У самых ворот опа увидела свекровь. Старая Урканиха о чем-то шепталась с женой Валериу Аной. Завидев Лудовику, Ана со старухой тут же примолкли и многозначительно переглянулись. Лудовике это не понравилось: «Что у них за секреты такие завелись?»

«И какие такие у них дела?» — продолжала она думать с досадой, делая вид, что не примечает их, и громко позвала девчонку, чтобы помогла ей вылущить фасоль. Оставшись с дочерью наедине, она спросила, глядя на нее в упор недобрым взглядом и легким кивком указывая на тех двоих:

— Куда твой дед поперся?

— Нешто он мне докладывает? Ты братца Валериу спроси, они о чем-то с ним толковали, дед и пошел себе, а братец проводил его до калитки. А напоследок сказал ему: «Ты, деда, там погоди малость, передохни, а я не замешкаюсь».

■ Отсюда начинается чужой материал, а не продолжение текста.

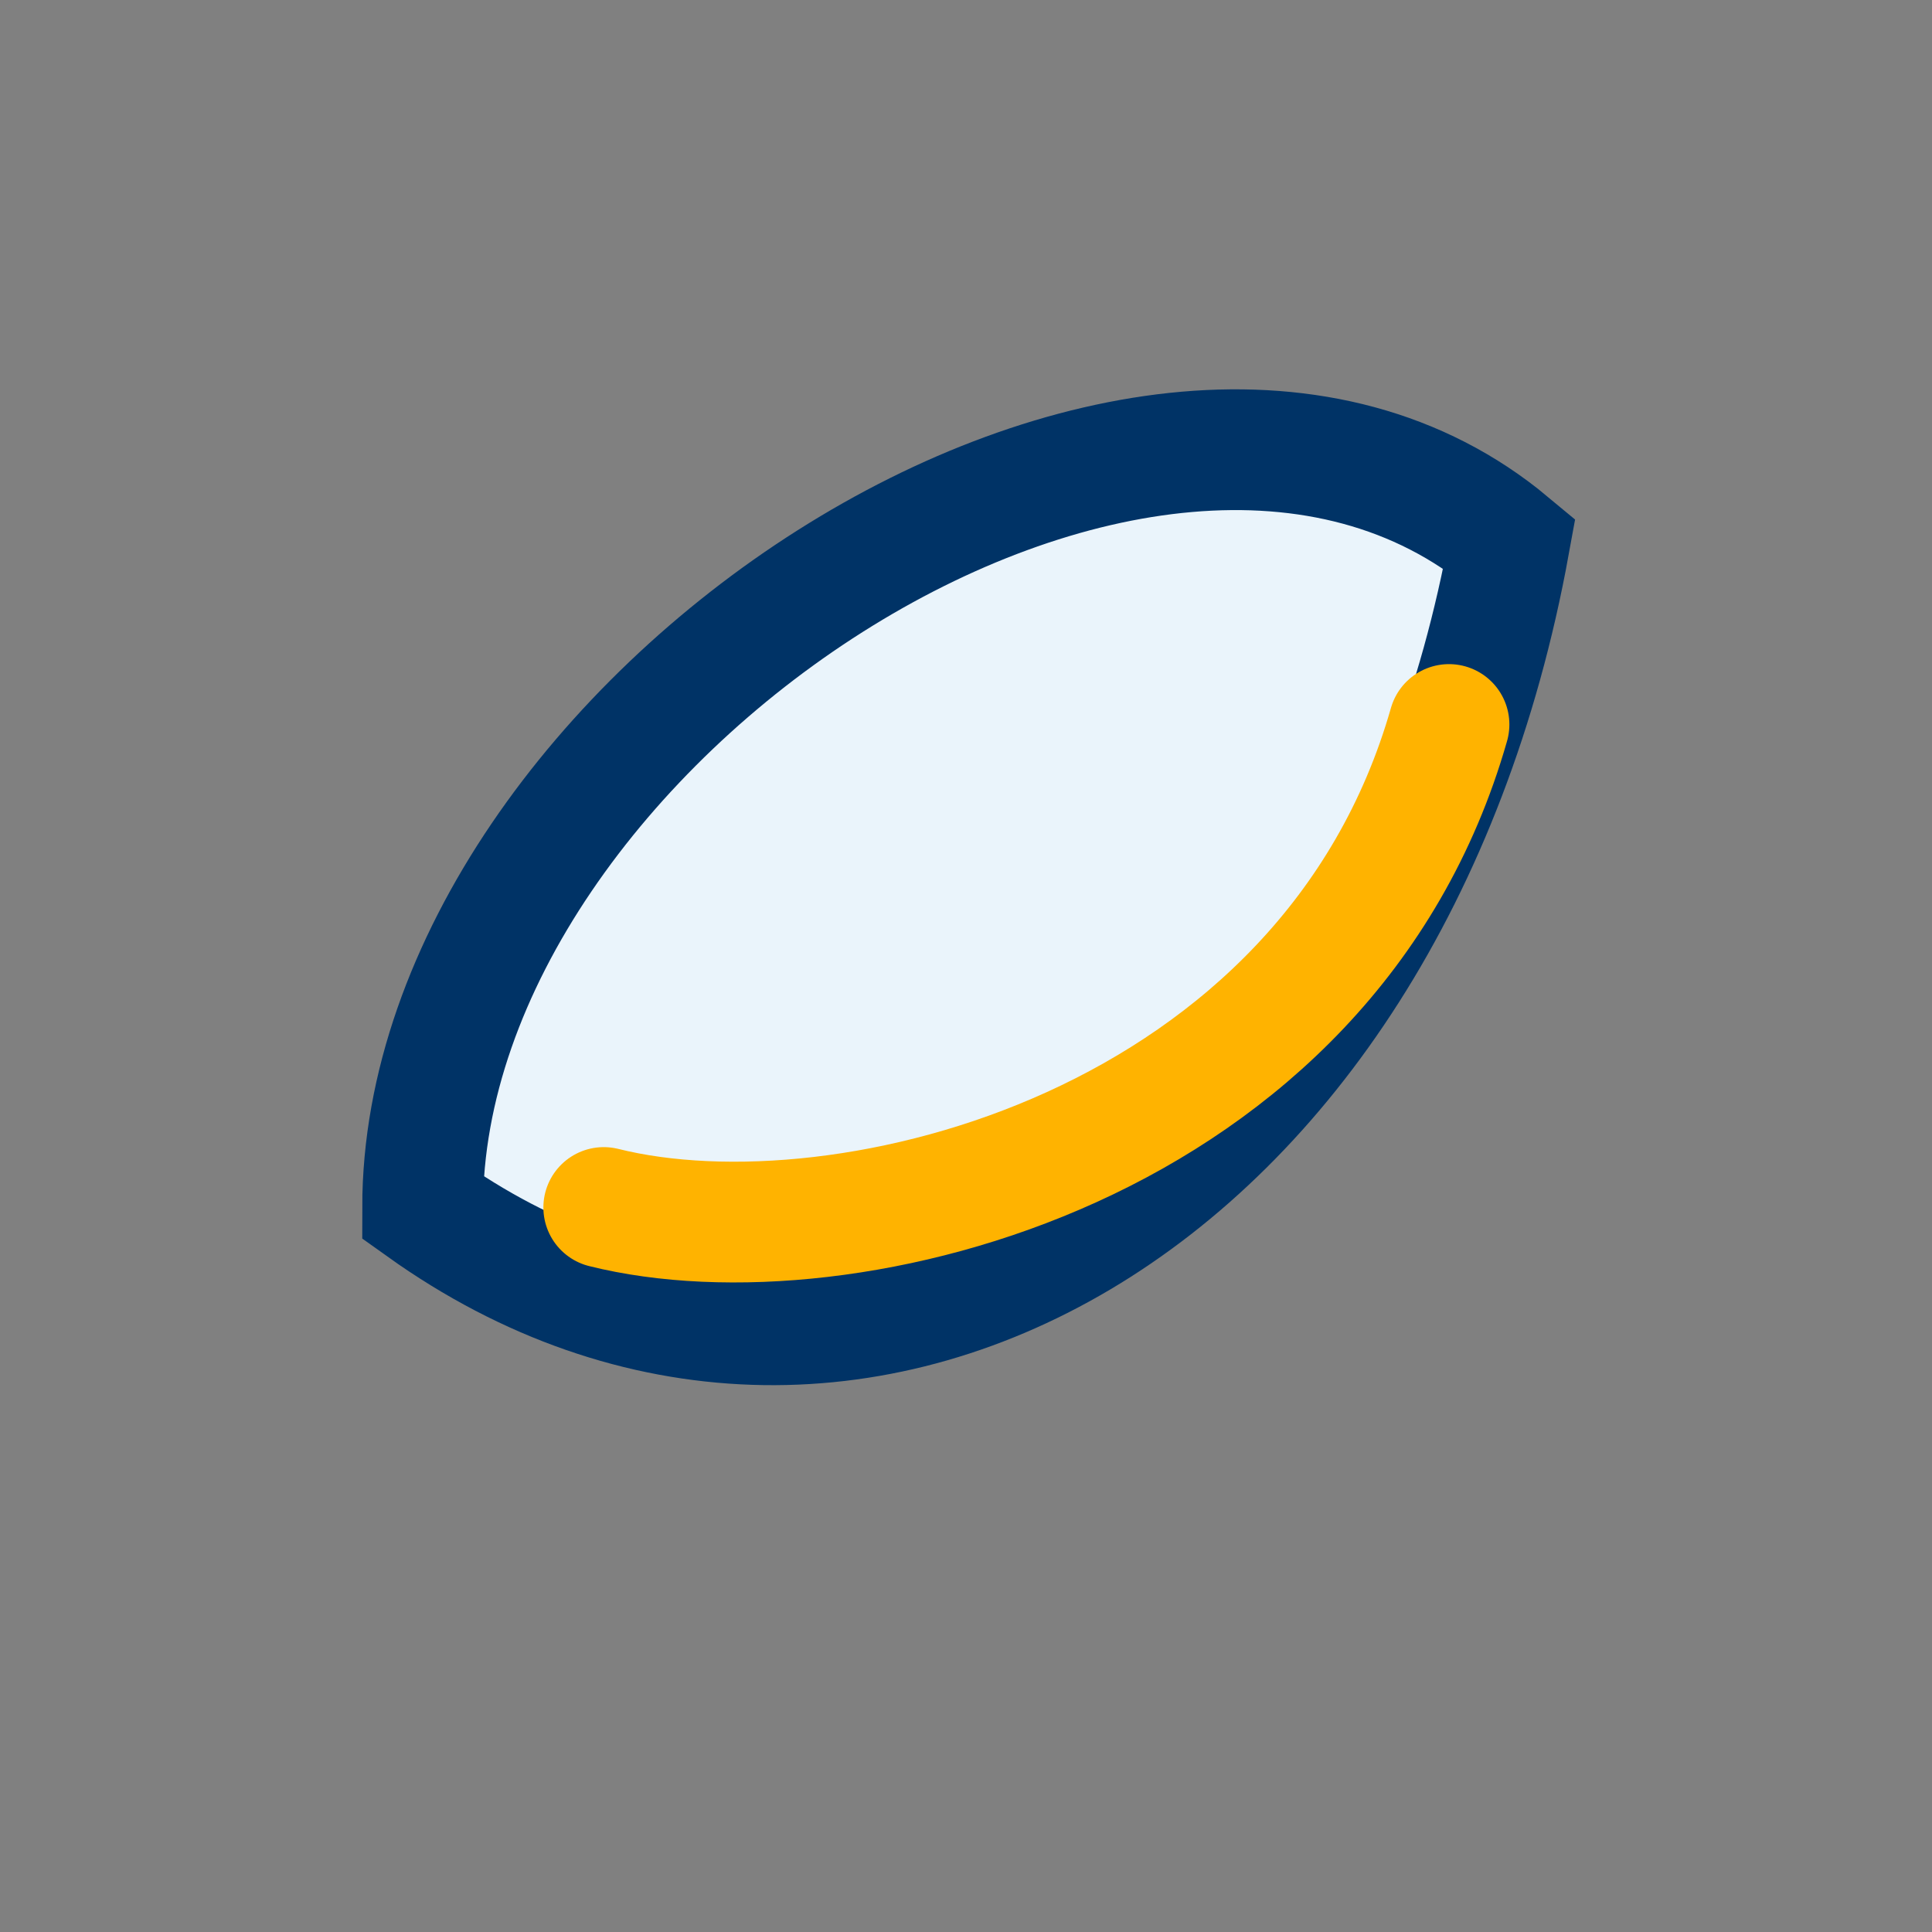 <?xml version="1.0" encoding="UTF-8"?>
<svg xmlns="http://www.w3.org/2000/svg" width="32" height="32" viewBox="0 0 32 32"><rect x="0" y="0" width="32" height="32" fill="#808080" stroke="none"/><path d="M7 20c0-8 12-16 18-11-2 11-11 16-18 11z" fill="#EAF4FB" stroke="#003366" stroke-width="2"/><path d="M10 20c4 1 12-1 14-8" stroke="#FFB300" stroke-width="2" fill="none" stroke-linecap="round"/></svg>

Лудовика так и застыла с открытым ртом, внимательно поглядела на девчонку, помяла в руках стручок и пытливо спросила:

— А еще чего сказал?

— Ничего.

— Ладно! Ну, милая… — покусывая губы, произнесла Лудовика. Она хотела еще что-то добавить, но, завидев приближающуюся старуху, помолчала, дала ей пройти мимо, а когда та ушла достаточно далеко, добавила: — Ну, милая невестушка, ну, Ана, ты-то, оказывается, змеюка!

День подходил к концу. Солнце, казалось, остановилось, чтобы немного посудачить с бабами, и никак не хотело уходить, так бы и стояло до темноты…

Покончив со всеми дневными делами, уже при свете лампы, семья собралась за столом и, уплетая мамалыгу, слушала, как вконец развеселившаяся Ана без умолку болтала всякий вздор.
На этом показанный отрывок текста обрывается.